Recipes from oldest restaurant in New Orleans

Antoine’s is the oldest restaurant in New Orleans. Since 1840, Antoine’s has been operated by the family of the founder, Antoine Alciatore. This French Quarter restaurant is a great meal for old school dinning. There have been many dishes that were invented here: Oysters Rockefeller, Pompano en Papillote and Eggs Sardou to name a few.

While they have shared most of their recipes, the Oysters Rockefeller recipe has never left Antoine’s kitchen. Many recipes that you find for their signature dish contain spinach. There is none in Antoine’s.
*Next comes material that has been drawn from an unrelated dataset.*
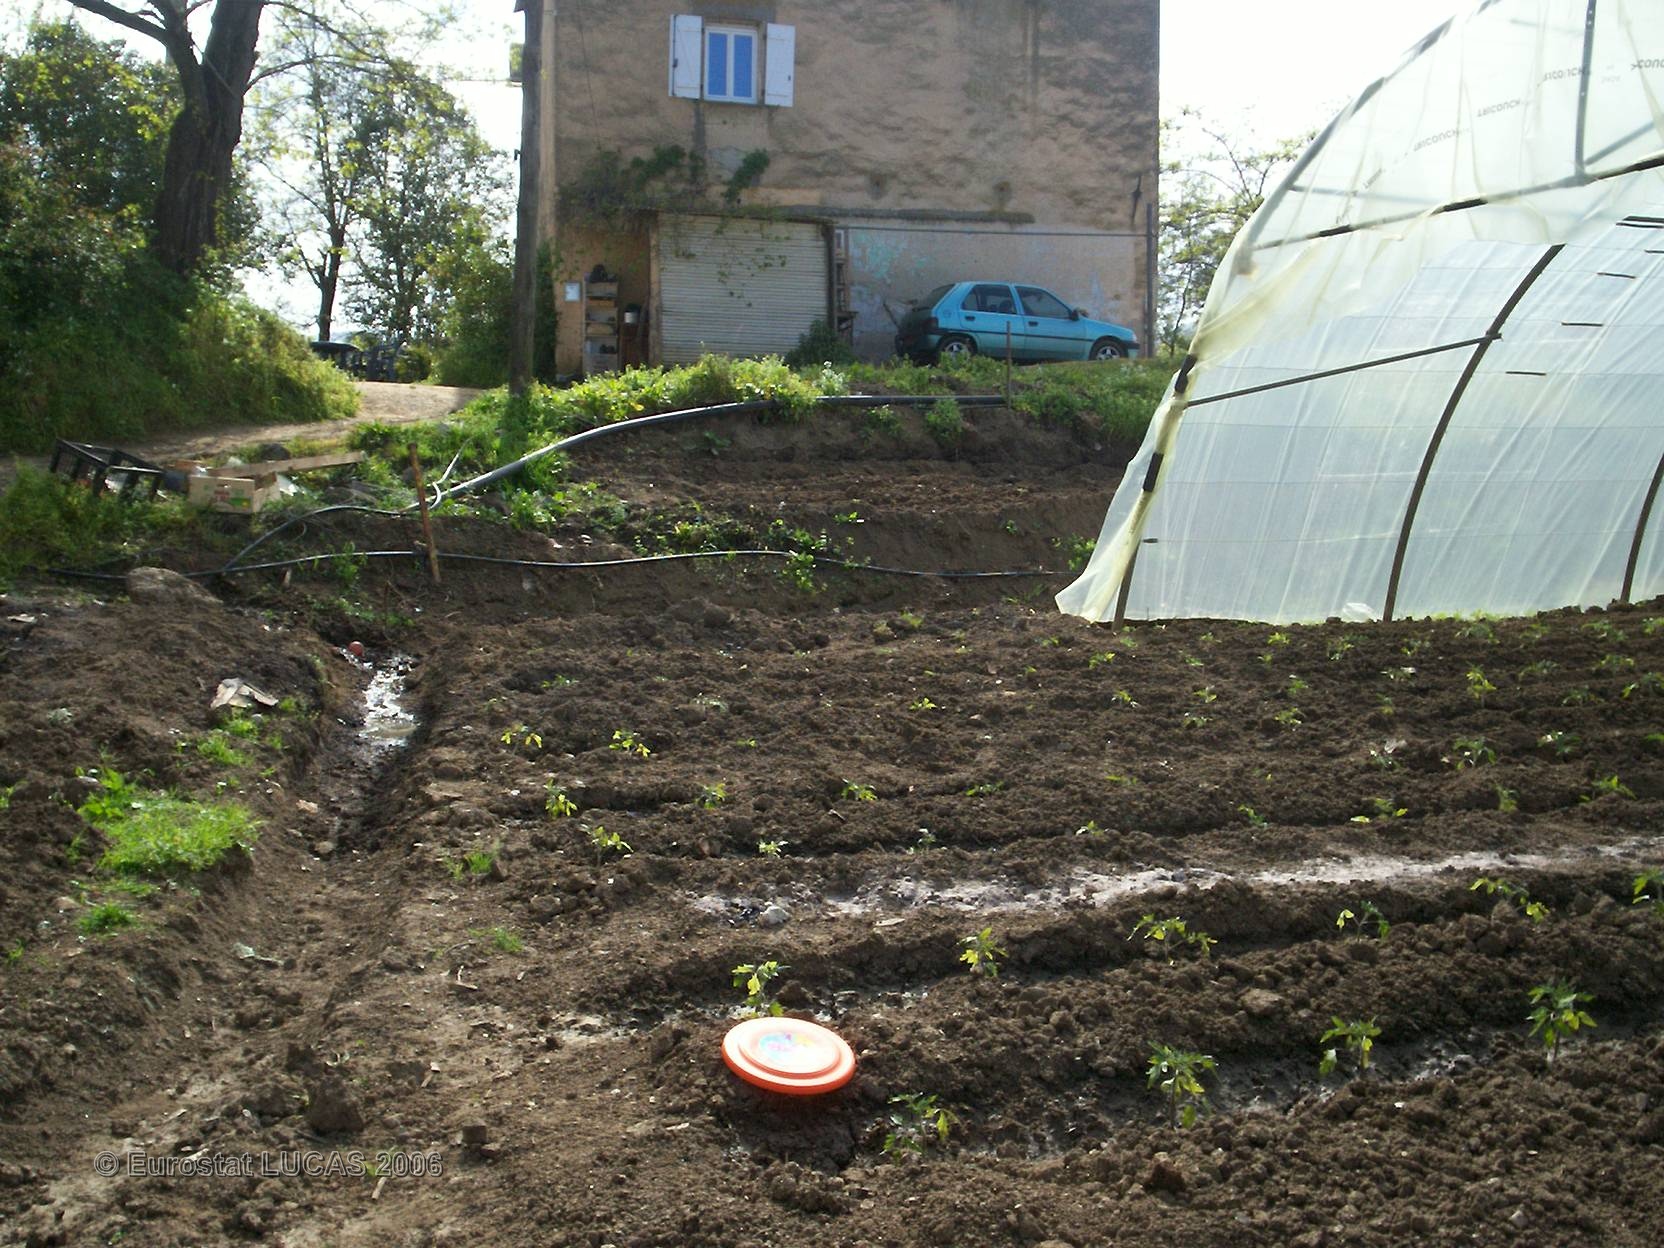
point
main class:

Since I can’t share the Oysters Rockefeller recipe, here are three from their menu: Crabmeat au Gratin, Chicken Bonne Femme and Chocolate Mousse.

Crabmeat au Gratin is a great way to start any meal. I like the flavor that Antoine’s gets by using Romano cheese. It’s a cheese that is normally not found in an au gratin dish. It adds a level of deliciousness that is not often found.

Crabmeat au Gratin

1 cup hot Béchamel Sauce (recipe to follow)

2 cups lump crabmeat

Salt and ground white pepper

3 tablespoons grated Romano cheese

3 tablespoons grated Mozzarella cheese

1/4 cup breadcrumbs

Blend the Béchamel Sauce and the crabmeat. Add salt and pepper to taste and heat for a minute. Soon mixture into 6 small ovenproof dishes.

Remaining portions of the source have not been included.